Subversions of Hi/story and Desire for Memory, October 21-22, 2010
CALL FOR PAPERS
Send abstracts by June 30th to frenconf@ucla.edu.
Include "Subversions of History" in the Subject heading.
Subversions of Hi/story and Desire for Memory
15th Annual Graduate Student Conference in French and Francophone Studies at the University of California Los Angeles
October 21-22, 2010
The Robert dictionary defines the word history as "knowledge and
recounting of past events judged worthy of remembering,"
simultaneously invoking the French distinction between histoire
(referring to a story) and Histoire (indicating History) and
specifically emphasizing the latter.

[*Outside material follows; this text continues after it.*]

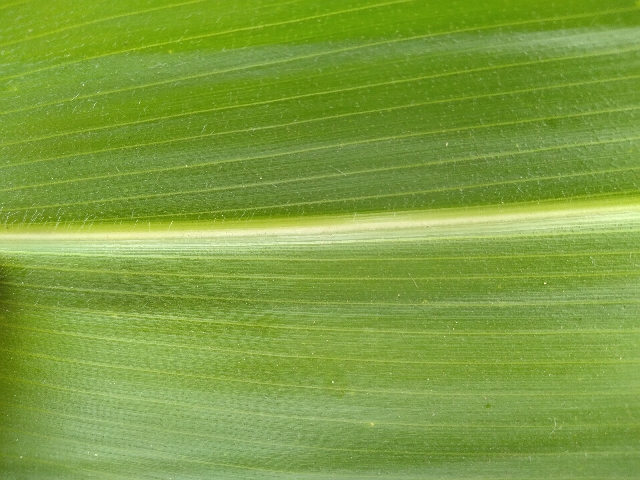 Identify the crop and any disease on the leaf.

maize, healthy

Such a reductive approach
ignores numerous unique and marginalized writings, experiences, voices – all relegated to the forgotten corners of our collective memory. The 15th Annual Graduate Student Conference at UCLA proposes an investigation of this double sense of the word histoire / Histoire in the tradition of thinkers who sought to reformulate these concepts, methods, sources, and intellectual currents overturning what had formerly been considered given: Michel Foucault (Histoire de la folie à l'âge classique), François Furet (Le Passé d'une illusion), Pierre Nora (Les Lieux de mémoires) and even Edouard Glissant (Le Discours antillais) and Paul Ricœur (La Mémoire, l'histoire, l'oubli) are some examples of authors that have revolutionized our concepts of history. Many, in fact, demonstrate the subversion of history (tragedies, novels, memoirs, autobiographies, correspondence, etc.).
This metamorphosis of the approach to history always seems to
reinvigorate the social and human sciences; it gives a voice to the
other hi/story, the lowercase histoire. It touches upon numerous and diverse disciplines and periods, which our conference seeks to explore.

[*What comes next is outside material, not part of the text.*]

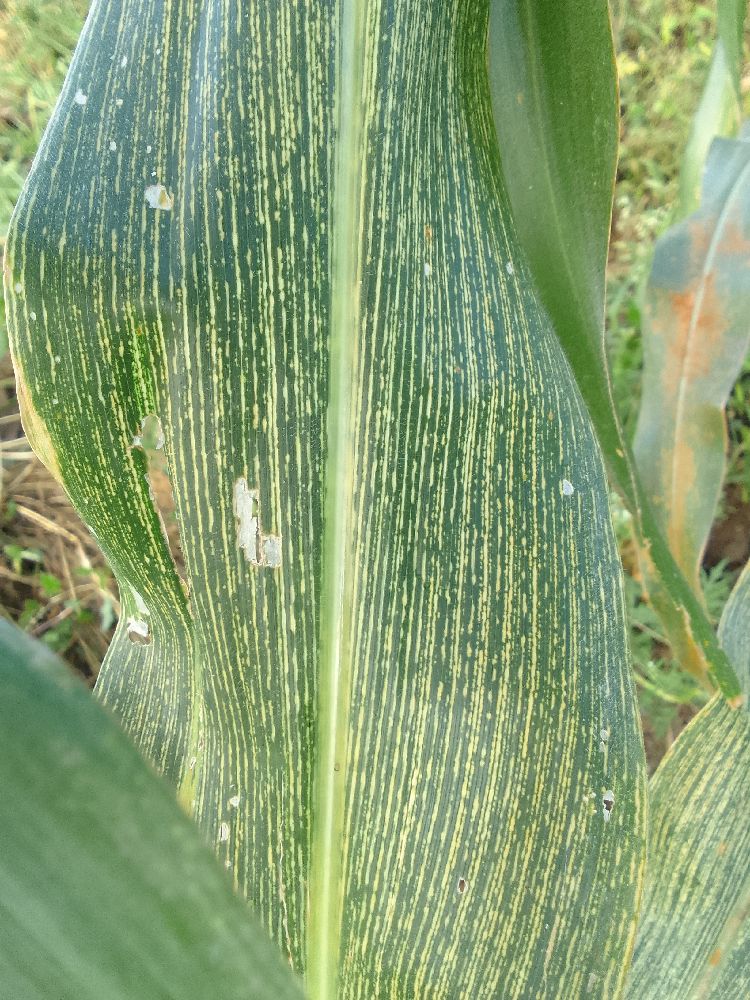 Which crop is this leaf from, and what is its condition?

Possible topics include, but are not limited to:
• Subjectivity in Medieval hi/stories (Chrétien de Troyes…)
• The French language as an instrument of memory (from Du Bellay to modern times)
• Historical genres of the 16th and 17th centuries
• Comedy, self-deprecation, and satire in historical writing
• The historical genres of the 16th and 17th centuries (from the
heroic romances to memoirists)
• The domination of historical fiction in the 19th century – between truth and fiction (Hugo, Dumas, etc.)
• Surrealism as subversive writing
• Trauma theory – particularly regarding the Shoah in individual and collective memory
• The rewriting of history from the margins of colonialism (créolité, négritude, antillanité, etc.)
• Autobiography and its subversion of personal history
• Political involvement of writers and the (re)invention of hi/story
• Writing (her)story: the gendering of historical narratives.
• Cinema's role in the establishment and transmission of the collective memory
We are pleased to announce as our keynote speaker Nicolas Weill,
journalist for Le Monde, specialist in Enlightenment Jewish philosophy and intellectual history, author of numerous works including Une histoire personnelle de l'antisémitisme (2002) and La République et les antisémites (2004), and translator of numerous German and Hebrew works.
We invite those interested in our theme to submit an abstract (250
word max.) by email to frenconf@ucla.edu before June 30, 2010.
Presentations, in either French or English, should not exceed 20
minutes and may treat the subject and period of your choice.